■ Data in this exercise
== == ==
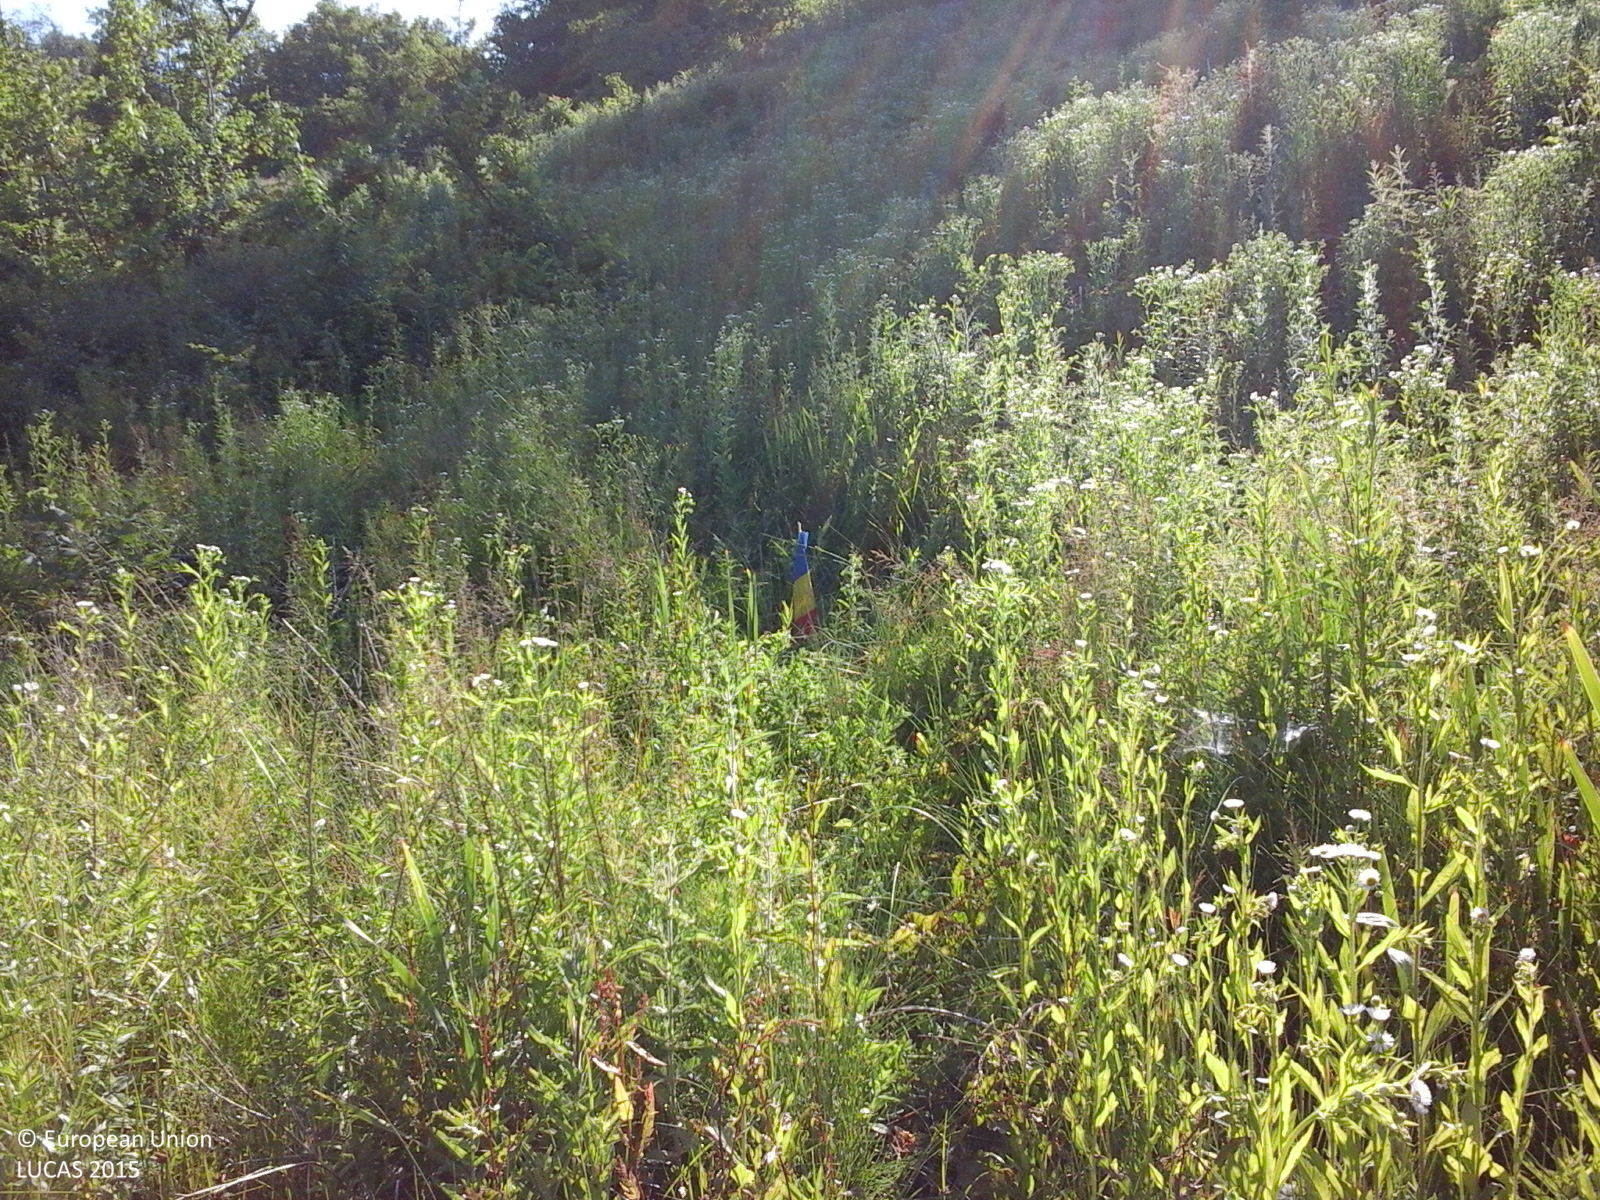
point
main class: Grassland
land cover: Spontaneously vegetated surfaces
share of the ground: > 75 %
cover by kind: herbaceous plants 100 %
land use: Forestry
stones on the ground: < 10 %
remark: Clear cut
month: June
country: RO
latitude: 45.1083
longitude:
== == ==
■ What you should do
Pick out all lines from the data above in which the word "ground" appears.

■ Exercise response
share of the ground: > 75 %
stones on the ground: < 10 %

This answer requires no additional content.